THE TASK: In the copy, keep every word of the data below and none of its pictures.

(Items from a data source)
________________________

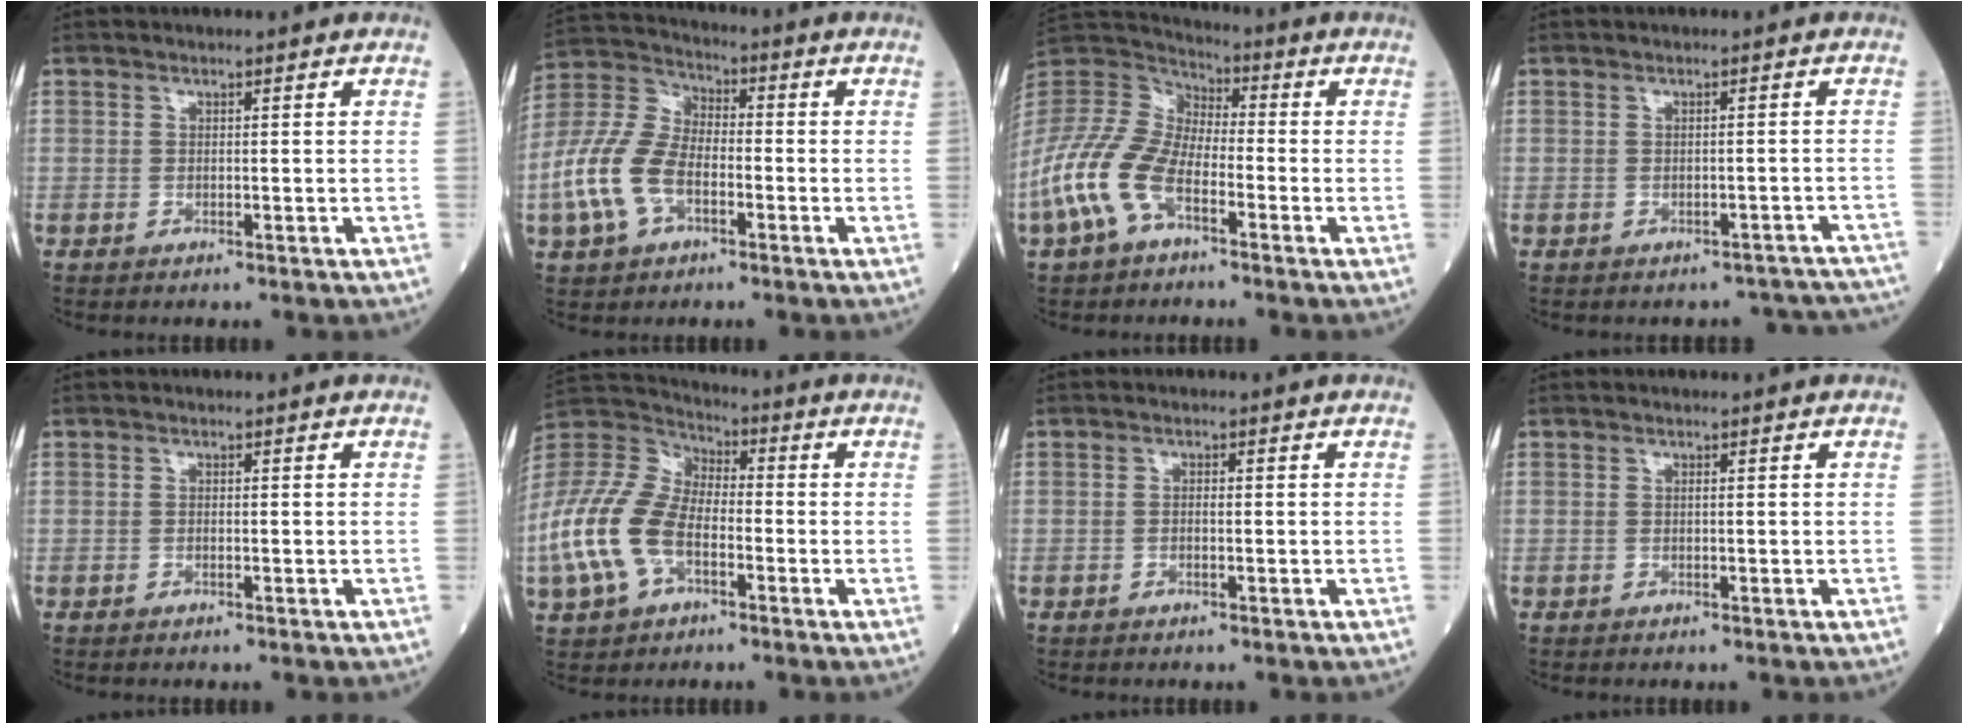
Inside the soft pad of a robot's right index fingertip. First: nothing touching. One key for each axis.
{"total": 11.6, "fx": -3.8, "fy": 6.8, "fz": 8.7, "tx": -0.216, "ty": 0.016, "tz": -0.076}
{"total": 12.8, "fx": -5.7, "fy": 6.4, "fz": 9.4, "tx": -0.231, "ty": 0.012, "tz": -0.118}
{"total": 8.5, "fx": -7.9, "fy": 3.0, "fz": 1.0, "tx": 0.003, "ty": 0.030, "tz": -0.072}
{"total": 0.0}
{"total": 14.4, "fx": -4.6, "fy": 8.4, "fz": 10.8, "tx": -0.265, "ty": 0.012, "tz": -0.090}
{"total": 0.7, "fx": -0.2, "fy": 0.2, "fz": 0.7, "tx": -0.016, "ty": 0.000, "tz": -0.004}
{"total": 0.0}
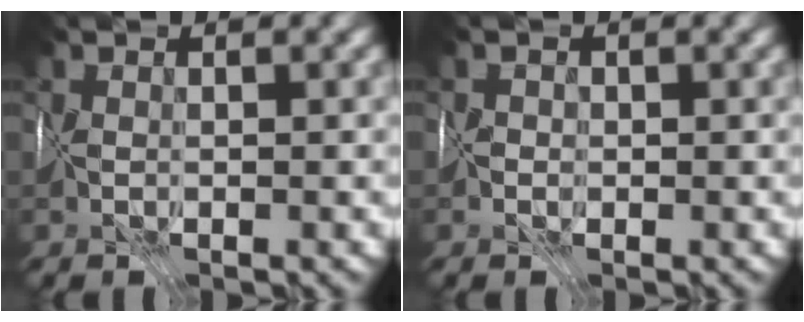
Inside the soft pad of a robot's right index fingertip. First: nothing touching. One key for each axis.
{"total": 0.7, "fx": -0.3, "fy": 0.3, "fz": -0.6, "tx": 0.026, "ty": 0.009, "tz": -0.013}

________________________

OUTPUT OF THE EXERCISE:
Inside the soft pad of a robot's right index fingertip. First: nothing touching. One key for each axis.
{"total": 11.6, "fx": -3.8, "fy": 6.8, "fz": 8.7, "tx": -0.216, "ty": 0.016, "tz": -0.076}
{"total": 12.8, "fx": -5.7, "fy": 6.4, "fz": 9.4, "tx": -0.231, "ty": 0.012, "tz": -0.118}
{"total": 8.5, "fx": -7.9, "fy": 3.0, "fz": 1.0, "tx": 0.003, "ty": 0.030, "tz": -0.072}
{"total": 0.0}
{"total": 14.4, "fx": -4.6, "fy": 8.4, "fz": 10.8, "tx": -0.265, "ty": 0.012, "tz": -0.090}
{"total": 0.7, "fx": -0.2, "fy": 0.2, "fz": 0.7, "tx": -0.016, "ty": 0.000, "tz": -0.004}
{"total": 0.0}
Inside the soft pad of a robot's right index fingertip. First: nothing touching. One key for each axis.
{"total": 0.7, "fx": -0.3, "fy": 0.3, "fz": -0.6, "tx": 0.026, "ty": 0.009, "tz": -0.013}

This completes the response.